Sunday, February 12, 2017

Raymundo Gameros

Raymundo Gameros, tu padre, murió el jueves  nueve de mayo de mil novecientos veintinueve. Estábamos solos en la casa. Yo le había dicho a la Esther que se retirara temprano, porque vino a verla Filemón con sus dos niñas desde Madera, para el día de la madre; y yo sé muy bien lo que se siente extrañar  a los hijos.  No importa cuanto negocio tengas que hacer, una anda igual que un ánima todo el día, con la mirada ausente y triste, como mula de arado. Así que le dije que se fuera desde el mediodía, que no quería volver a verla hasta el lunes; al cabo que para atender a tu papá, yo me las podía averiguar sola, sin ayuda de nadie, como al principio.

Cuenta la Esther, que Filemón se acomodó bien. Después que se apaciguó el alboroto de la revolución, se fue con uno de los hermanos de Emilio, que en paz descanse, a trabajar de peón a un rancho, allá en Madera, y ya ves que Filemón siempre fue bueno trabajar, se ha de haber granjeado al ganadero matándose como bestia de sol a sol. Bueno, pues resulta que ya hasta lo hicieron capataz; y si debe ser cierto hijo, porque a las chamacas las trae muy de pipa y guante, y no se diga el, que anda  de tejana y oliendo a colonia, y mira que no es mal parecido.

Pero así nomás tantito que se me ponga presumida la Esther, yo le empiezo a hablar de ti, porque me habrán de perdonar, pero ¿a cuántos abogados conoces que hayan salido de este maldito rincón olvidado del mundo? Ninguno, nomás tu mijo. No me arrepiento de haberte alejado de mí. Siempre supe que tenías cabeza para algo más que andar arreando becerros y pizcando manzanas. Si te hubieras quedado aquí, no habrías sobrevivido las barbajanadas de tu padre, o tantito peor, ya serías igual que él. Por eso, creo que hice bien en mandarte a Ciudad Juárez con mi tía Licha. Ya te veo muy guapo, de traje y toda la cosa, atendiendo asuntos importantes allá en la frontera.  Segurito que has de traer a más de tres pisando nubes, hasta parece que las oigo murmurando cosas de muchachas a tu paso.
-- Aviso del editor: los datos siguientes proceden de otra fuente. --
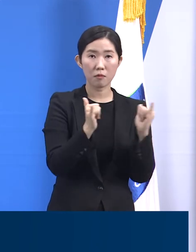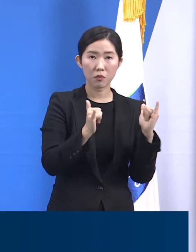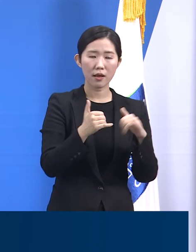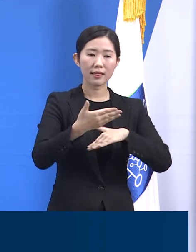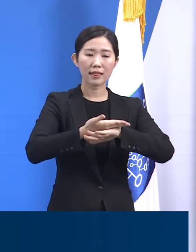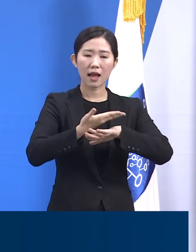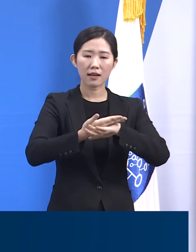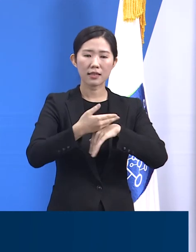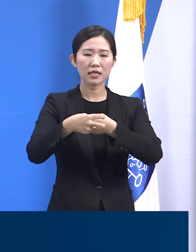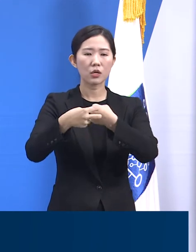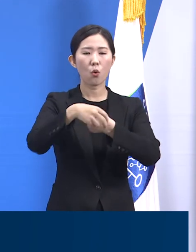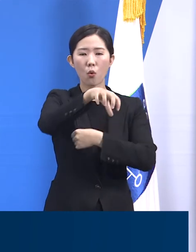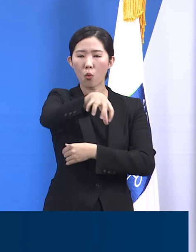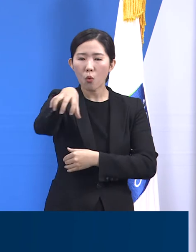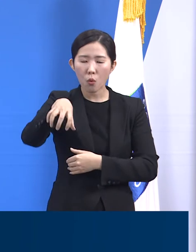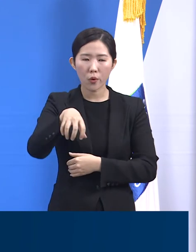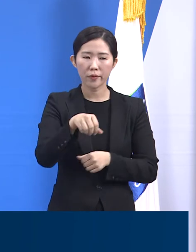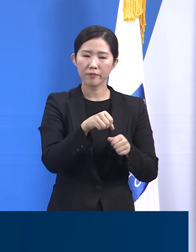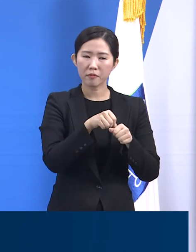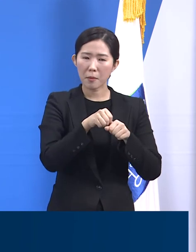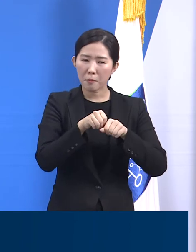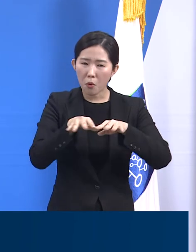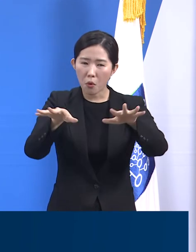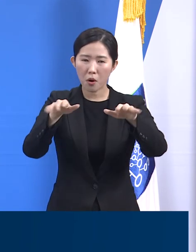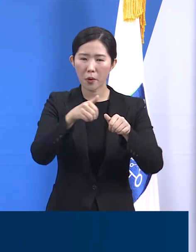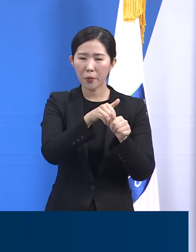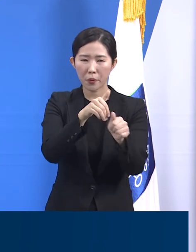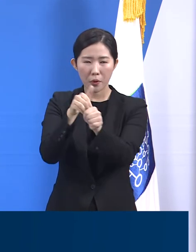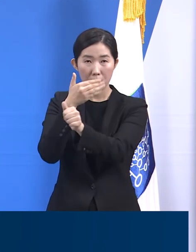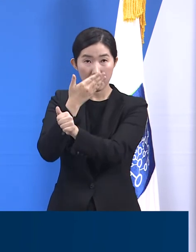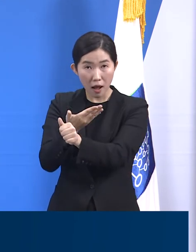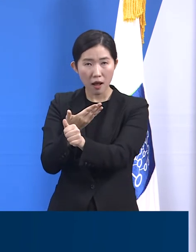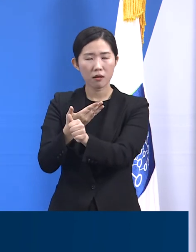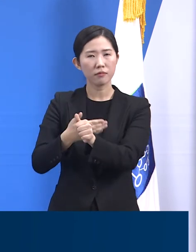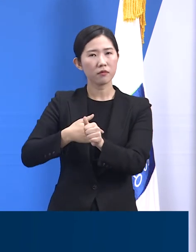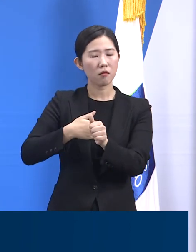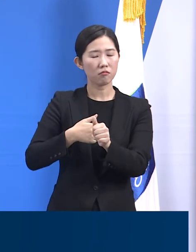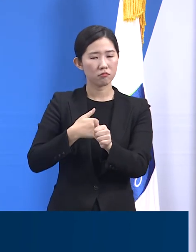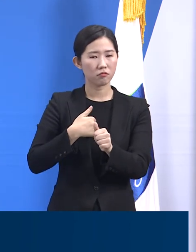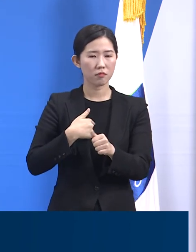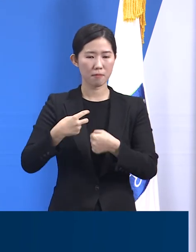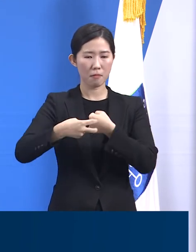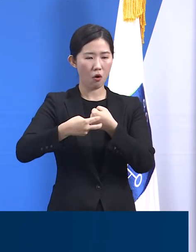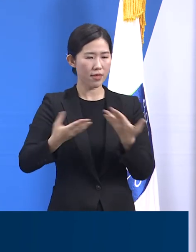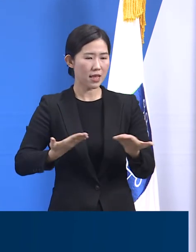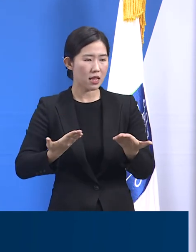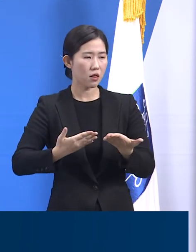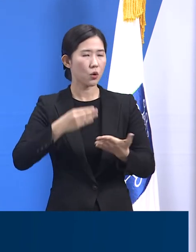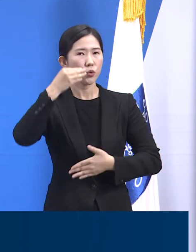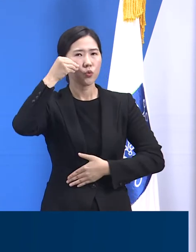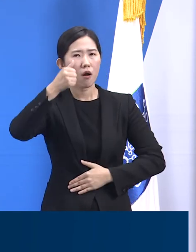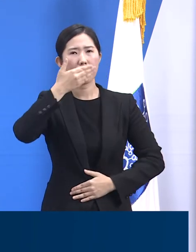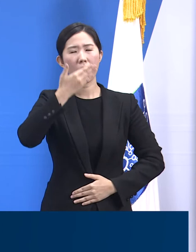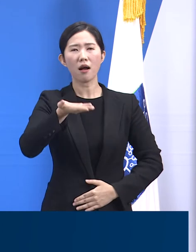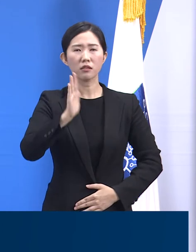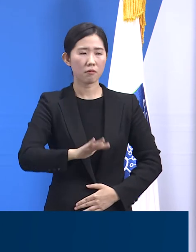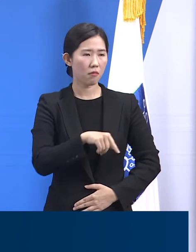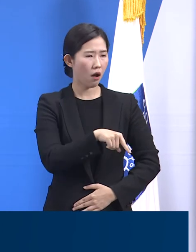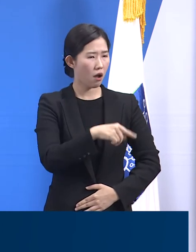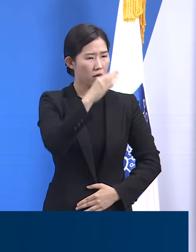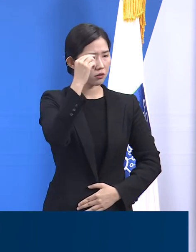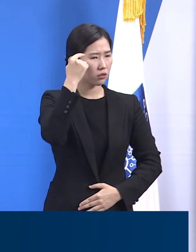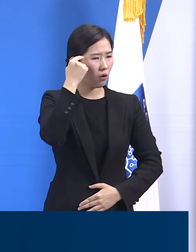최대한 많이 소산할 수 있다면 현장 대응이 더 수월해지겠지만 그 대상 기관을 찾기 어려운 것이

Raymundo nunca fue buen mozo. Más bien, tenía ese gesto de formalidad que cargan los mancebos que maduran antes de tiempo, con la mirada áspera de tanto contemplar la injusticia. Con tu papá me sentía segura, eso sí, pero nunca, por más que le esculcaba en los ojos, pude ver en ellos asomarse, ni un poquito de cariño. Nomás ese diablo bronco que a veces se les mete a los hombres, y que luego se sosiega, apenas si se bajan de una. Yo tampoco lo quería, pero fui aprendiendo a respetarlo con el paso del tiempo. Luego naciste tú, y fue como una bocanada de aire fresco en la canícula. Funcionábamos bien como familia, a pesar que entre los dos, nunca abundaron las palabras. A lo mejor, hasta te has de acordar de aquellos días. Cuando empezaste a caminar, a diario te tomaba de la mano y se iban paso a pasito hasta la plaza, donde te sentaba en sus piernas, hasta que empezaba a oscurecer. Más tarde, tu papá, lleno de orgullo, me contaba cómo se acercaban las gentes para hacerte cariños en la plaza, ¿y cómo no? Si yo te traía todo el tiempo bien catrín.

Esos fueron los años buenos hijo. Una mañana, me acuerdo que ya estaban encima las fiestas de San Isidro, se me apareció Raymundo con una muchacha. Tenía el pelo cenizo, unas ojeras de mapache y el pellejo pálido como la luna. Según me dijo tu papá, había llegado de Creel buscando trabajo entre las casas de Guerrero; y como ya tenía rato moliéndolo para que me consiguiera ayuda, pues ahí estaba. Yo hubiera preferido una señora más maciza y más curtida en los quehaceres, y no esa niña toda menudita y entelerida; pero luego que se me quedara viendo, con esos ojos que brillaban de tristeza no me pude negar. Resultó que la Azucena salió rebuena pa’l negocio. Lo mismo limpiaba que cocinaba que planchaba ropa. En un ratito tatemaba chiles, me regaba las hierbas y barría el patio. De eso no me quejo, si algo bueno se podía decir de la chamaca, era eso.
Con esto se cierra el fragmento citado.